• _WORK ORDER_
When the word "bottom" appears in a line of the data below, list that line.

• _MATERIAL FOR THIS EXERCISE_
..........

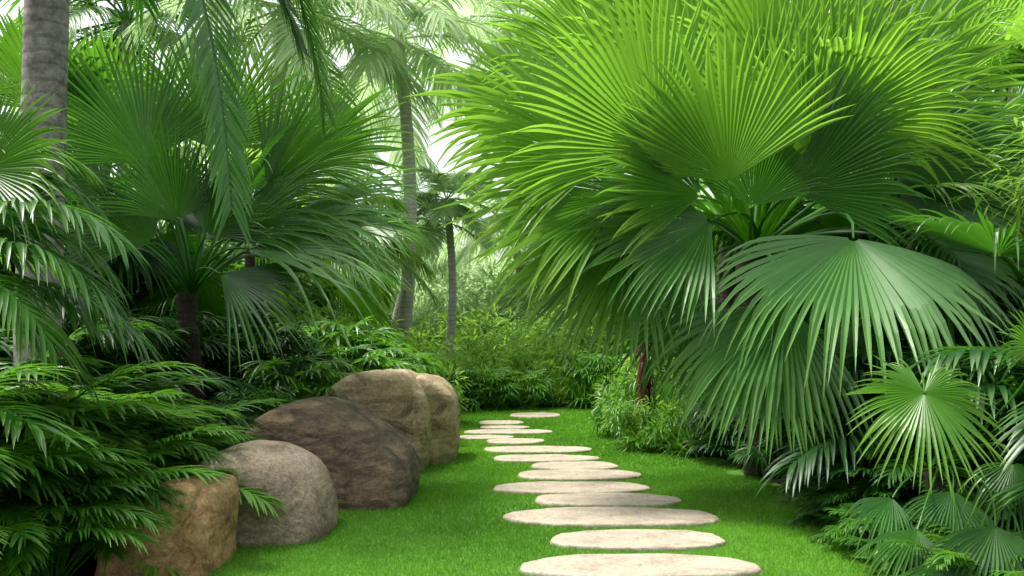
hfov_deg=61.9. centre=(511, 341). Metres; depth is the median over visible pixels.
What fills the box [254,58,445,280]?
feather palm
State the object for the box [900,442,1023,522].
feather palm shrub
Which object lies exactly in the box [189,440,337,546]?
boulder
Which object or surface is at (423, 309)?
distant bush
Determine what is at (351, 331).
lady palm
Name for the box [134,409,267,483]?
feather palm shrub
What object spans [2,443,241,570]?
feather palm shrub
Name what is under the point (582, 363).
evergreen shrub
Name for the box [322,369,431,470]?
boulder
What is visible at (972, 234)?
fan palm
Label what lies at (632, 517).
stepping stone
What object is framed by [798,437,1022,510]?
feather palm shrub
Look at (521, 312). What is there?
distant bush
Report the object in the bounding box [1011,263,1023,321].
tall bush
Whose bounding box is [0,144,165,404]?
feather palm
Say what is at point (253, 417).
feather palm shrub
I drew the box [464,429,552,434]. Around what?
stepping stone
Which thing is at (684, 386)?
lady palm
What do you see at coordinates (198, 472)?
feather palm shrub
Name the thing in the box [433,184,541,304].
feather palm
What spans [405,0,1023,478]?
fan palm
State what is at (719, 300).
tall bush
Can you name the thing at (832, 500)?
feather palm shrub
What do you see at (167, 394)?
feather palm shrub
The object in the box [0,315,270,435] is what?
clumping palm
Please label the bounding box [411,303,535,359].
evergreen shrub
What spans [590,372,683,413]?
evergreen shrub
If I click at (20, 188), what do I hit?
fan palm
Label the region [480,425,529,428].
stepping stone
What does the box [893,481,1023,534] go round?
feather palm shrub
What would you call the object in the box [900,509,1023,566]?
fern
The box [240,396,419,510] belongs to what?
boulder
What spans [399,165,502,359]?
feather palm
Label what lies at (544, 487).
stepping stone
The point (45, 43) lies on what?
coconut palm
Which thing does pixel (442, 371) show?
evergreen shrub
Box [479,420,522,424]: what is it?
stepping stone
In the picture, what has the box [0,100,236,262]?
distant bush
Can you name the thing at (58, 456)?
feather palm shrub
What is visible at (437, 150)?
sky
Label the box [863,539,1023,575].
fern
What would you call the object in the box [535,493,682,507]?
stepping stone
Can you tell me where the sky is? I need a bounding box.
[0,0,1023,290]
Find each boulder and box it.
[94,473,238,575]
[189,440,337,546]
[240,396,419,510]
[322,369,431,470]
[416,373,459,464]
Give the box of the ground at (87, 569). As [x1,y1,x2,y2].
[3,403,917,575]
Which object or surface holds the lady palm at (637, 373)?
on the ground at (87, 569)
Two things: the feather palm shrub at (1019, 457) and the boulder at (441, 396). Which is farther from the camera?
the boulder at (441, 396)
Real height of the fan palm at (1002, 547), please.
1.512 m
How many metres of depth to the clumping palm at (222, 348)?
7.22 m
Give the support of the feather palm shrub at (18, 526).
on the ground at (87, 569)
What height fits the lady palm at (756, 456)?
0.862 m
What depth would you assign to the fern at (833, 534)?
4.54 m
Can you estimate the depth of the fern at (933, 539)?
3.86 m
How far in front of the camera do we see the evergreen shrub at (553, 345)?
17.25 m
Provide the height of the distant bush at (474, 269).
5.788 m
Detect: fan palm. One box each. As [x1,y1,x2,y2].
[0,3,437,417]
[0,4,247,332]
[0,60,76,303]
[101,102,433,341]
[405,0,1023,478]
[588,110,908,315]
[701,0,1023,331]
[836,297,1023,575]
[838,193,1023,465]
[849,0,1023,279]
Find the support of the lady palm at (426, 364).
on the ground at (87, 569)
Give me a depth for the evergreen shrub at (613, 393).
9.74 m
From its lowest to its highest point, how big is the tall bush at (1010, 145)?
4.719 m
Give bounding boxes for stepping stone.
[460,435,513,440]
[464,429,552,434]
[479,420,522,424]
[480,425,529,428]
[484,446,591,453]
[487,438,544,445]
[493,481,650,494]
[494,454,599,462]
[503,507,720,527]
[510,412,559,418]
[517,469,641,481]
[520,553,762,575]
[531,461,618,469]
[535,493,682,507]
[550,529,726,551]
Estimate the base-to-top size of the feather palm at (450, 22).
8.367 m
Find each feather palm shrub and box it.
[0,321,227,513]
[0,355,179,521]
[0,355,245,504]
[0,380,288,485]
[0,387,164,503]
[0,410,244,573]
[0,429,170,574]
[0,471,187,575]
[1,404,244,512]
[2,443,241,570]
[99,418,288,575]
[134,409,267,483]
[171,415,259,451]
[182,424,246,461]
[792,476,923,533]
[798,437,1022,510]
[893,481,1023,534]
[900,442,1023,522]
[981,498,1023,531]
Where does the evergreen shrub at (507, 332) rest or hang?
on the ground at (87, 569)
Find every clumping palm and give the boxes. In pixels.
[0,311,244,398]
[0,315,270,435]
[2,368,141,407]
[87,316,312,406]
[202,335,361,401]
[675,405,719,430]
[693,333,1023,496]
[785,338,1023,533]
[888,317,1020,469]
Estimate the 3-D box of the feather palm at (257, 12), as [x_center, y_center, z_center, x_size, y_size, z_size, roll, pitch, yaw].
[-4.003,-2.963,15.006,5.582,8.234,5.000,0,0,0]
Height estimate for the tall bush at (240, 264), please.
4.228 m
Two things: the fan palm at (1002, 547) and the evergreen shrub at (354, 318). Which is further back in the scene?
the evergreen shrub at (354, 318)
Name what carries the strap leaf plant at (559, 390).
on the ground at (87, 569)
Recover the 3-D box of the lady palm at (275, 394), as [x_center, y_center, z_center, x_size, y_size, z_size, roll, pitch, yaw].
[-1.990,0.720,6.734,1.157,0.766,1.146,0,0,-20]
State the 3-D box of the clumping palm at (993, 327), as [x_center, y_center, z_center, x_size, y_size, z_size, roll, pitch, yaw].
[4.236,0.530,5.853,4.033,1.397,4.082,0,0,39]
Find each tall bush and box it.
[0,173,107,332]
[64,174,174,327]
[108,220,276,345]
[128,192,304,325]
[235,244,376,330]
[603,264,692,354]
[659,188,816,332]
[690,267,824,356]
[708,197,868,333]
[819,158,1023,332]
[904,197,1023,312]
[975,132,1023,200]
[994,116,1023,296]
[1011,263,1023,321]
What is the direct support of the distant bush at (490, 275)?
on the ground at (87, 569)
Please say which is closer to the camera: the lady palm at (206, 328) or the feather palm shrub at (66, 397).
the feather palm shrub at (66, 397)
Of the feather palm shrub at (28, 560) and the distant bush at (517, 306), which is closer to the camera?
the feather palm shrub at (28, 560)
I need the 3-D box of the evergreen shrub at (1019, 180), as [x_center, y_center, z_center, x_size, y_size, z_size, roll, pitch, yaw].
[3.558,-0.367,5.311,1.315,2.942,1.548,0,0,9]
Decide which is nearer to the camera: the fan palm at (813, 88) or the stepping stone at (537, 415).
the fan palm at (813, 88)
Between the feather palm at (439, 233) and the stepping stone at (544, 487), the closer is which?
the stepping stone at (544, 487)
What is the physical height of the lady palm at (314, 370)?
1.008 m
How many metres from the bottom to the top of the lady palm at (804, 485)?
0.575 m
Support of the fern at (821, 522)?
on the ground at (87, 569)
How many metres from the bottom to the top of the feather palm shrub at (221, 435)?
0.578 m
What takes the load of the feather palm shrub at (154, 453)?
on the ground at (87, 569)
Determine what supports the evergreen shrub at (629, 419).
on the ground at (87, 569)
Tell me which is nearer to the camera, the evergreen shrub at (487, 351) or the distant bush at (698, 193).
the evergreen shrub at (487, 351)
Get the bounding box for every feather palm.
[0,0,272,219]
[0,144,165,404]
[120,0,442,158]
[252,0,519,342]
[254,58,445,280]
[280,196,442,314]
[388,195,485,329]
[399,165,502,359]
[402,0,570,308]
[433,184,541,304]
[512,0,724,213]
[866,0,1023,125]
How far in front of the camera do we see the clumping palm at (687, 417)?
8.32 m
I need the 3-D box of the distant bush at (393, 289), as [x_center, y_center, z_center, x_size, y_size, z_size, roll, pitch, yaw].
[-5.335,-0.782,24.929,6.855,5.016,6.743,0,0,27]
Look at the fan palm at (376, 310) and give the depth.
10.96 m
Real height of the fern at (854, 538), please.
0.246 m
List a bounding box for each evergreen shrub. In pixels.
[265,291,408,344]
[306,303,449,366]
[383,337,471,417]
[398,330,501,408]
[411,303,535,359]
[442,368,490,408]
[450,363,523,411]
[456,334,557,404]
[461,304,600,357]
[483,366,560,409]
[487,338,598,406]
[498,314,628,396]
[517,342,629,369]
[549,348,628,406]
[582,359,696,439]
[589,335,652,390]
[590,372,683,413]
[597,394,688,452]
[654,395,742,456]
[942,77,1023,236]
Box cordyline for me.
[632,323,658,427]
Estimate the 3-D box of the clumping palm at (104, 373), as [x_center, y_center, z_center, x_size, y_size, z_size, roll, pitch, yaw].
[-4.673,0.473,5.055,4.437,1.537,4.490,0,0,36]
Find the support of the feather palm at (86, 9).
on the ground at (87, 569)
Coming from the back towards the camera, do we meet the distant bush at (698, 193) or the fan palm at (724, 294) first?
the distant bush at (698, 193)
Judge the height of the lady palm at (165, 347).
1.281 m
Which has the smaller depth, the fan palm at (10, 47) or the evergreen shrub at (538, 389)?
the fan palm at (10, 47)
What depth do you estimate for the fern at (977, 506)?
4.35 m
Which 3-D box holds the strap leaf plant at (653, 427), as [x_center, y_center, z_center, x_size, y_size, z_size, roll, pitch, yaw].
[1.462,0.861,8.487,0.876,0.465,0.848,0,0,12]
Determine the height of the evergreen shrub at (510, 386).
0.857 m
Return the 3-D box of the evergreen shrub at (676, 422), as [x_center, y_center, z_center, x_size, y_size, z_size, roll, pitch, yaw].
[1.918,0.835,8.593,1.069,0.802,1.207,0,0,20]
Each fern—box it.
[777,487,856,528]
[806,502,922,548]
[831,510,982,575]
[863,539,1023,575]
[876,517,1023,575]
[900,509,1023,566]
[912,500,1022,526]
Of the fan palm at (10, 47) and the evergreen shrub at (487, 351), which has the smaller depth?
the fan palm at (10, 47)
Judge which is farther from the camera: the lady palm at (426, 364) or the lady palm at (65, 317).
the lady palm at (426, 364)
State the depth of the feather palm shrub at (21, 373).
3.48 m
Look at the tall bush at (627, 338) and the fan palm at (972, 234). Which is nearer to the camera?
the fan palm at (972, 234)
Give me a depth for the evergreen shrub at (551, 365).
14.77 m
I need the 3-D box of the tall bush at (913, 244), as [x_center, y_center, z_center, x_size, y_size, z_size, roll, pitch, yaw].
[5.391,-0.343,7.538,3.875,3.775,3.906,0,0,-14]
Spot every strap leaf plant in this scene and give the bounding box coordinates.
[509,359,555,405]
[530,371,582,406]
[556,370,602,409]
[604,376,696,443]
[624,405,679,453]
[653,406,729,460]
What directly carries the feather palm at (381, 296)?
on the ground at (87, 569)
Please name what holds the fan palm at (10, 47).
on the ground at (87, 569)
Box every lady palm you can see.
[0,288,166,385]
[63,320,228,407]
[112,305,263,413]
[202,323,347,404]
[207,382,301,424]
[223,353,351,416]
[268,315,414,377]
[289,342,424,398]
[331,338,448,379]
[596,353,660,400]
[618,359,689,385]
[630,331,702,404]
[663,366,746,435]
[678,380,783,464]
[724,334,819,445]
[728,394,856,479]
[762,405,886,491]
[769,334,978,482]
[776,423,904,505]
[777,302,1014,468]
[870,338,1023,503]
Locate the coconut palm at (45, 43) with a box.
[12,0,339,371]
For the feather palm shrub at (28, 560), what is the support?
on the ground at (87, 569)
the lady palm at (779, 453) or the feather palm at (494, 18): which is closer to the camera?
the lady palm at (779, 453)
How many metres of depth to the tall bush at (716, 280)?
14.85 m
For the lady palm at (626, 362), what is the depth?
13.49 m
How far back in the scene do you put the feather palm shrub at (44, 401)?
5.12 m
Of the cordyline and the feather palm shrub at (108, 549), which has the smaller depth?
the feather palm shrub at (108, 549)
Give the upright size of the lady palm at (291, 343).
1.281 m
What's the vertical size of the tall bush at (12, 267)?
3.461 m
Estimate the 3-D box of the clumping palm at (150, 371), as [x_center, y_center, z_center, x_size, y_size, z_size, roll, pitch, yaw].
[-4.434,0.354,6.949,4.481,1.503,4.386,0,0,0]
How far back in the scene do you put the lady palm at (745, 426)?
7.42 m
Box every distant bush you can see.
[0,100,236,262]
[307,264,432,338]
[371,220,503,325]
[371,269,500,353]
[413,259,527,324]
[467,249,522,290]
[470,289,604,343]
[489,242,665,353]
[662,190,715,252]
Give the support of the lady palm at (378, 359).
on the ground at (87, 569)
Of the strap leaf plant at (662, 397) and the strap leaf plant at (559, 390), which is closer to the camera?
the strap leaf plant at (662, 397)
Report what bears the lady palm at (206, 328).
on the ground at (87, 569)
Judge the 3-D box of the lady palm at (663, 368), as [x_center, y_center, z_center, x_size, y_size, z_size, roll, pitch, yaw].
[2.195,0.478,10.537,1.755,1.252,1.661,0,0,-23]
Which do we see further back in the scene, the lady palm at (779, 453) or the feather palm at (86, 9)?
the feather palm at (86, 9)
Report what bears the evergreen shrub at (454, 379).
on the ground at (87, 569)
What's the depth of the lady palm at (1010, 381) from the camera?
4.79 m
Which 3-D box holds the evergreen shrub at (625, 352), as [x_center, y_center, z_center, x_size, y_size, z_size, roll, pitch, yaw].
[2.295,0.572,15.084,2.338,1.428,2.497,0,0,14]
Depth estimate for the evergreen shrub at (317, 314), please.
13.88 m
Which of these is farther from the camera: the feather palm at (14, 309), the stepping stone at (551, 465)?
the stepping stone at (551, 465)
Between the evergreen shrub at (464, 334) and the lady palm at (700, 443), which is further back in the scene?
the evergreen shrub at (464, 334)
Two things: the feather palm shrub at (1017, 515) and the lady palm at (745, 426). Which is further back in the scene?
the lady palm at (745, 426)
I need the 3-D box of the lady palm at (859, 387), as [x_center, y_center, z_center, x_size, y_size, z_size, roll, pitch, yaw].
[2.585,0.523,5.856,1.582,1.164,1.587,0,0,10]
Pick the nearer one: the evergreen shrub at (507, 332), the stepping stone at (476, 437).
the stepping stone at (476, 437)
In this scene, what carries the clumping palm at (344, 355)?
on the ground at (87, 569)
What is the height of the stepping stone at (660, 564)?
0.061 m
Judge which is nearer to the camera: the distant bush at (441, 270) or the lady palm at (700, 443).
the lady palm at (700, 443)
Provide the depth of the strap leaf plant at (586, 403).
13.86 m
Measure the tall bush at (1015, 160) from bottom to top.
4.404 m
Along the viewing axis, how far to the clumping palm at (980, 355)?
4.29 m
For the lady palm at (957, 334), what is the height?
1.437 m
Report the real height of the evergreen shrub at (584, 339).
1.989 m
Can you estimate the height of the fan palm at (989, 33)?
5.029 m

..........

• _ANSWER TO THE PROBLEM_
How many metres from the bottom to the top of the lady palm at (804, 485)?
How many metres from the bottom to the top of the feather palm shrub at (221, 435)?
Measure the tall bush at (1015, 160) from bottom to top.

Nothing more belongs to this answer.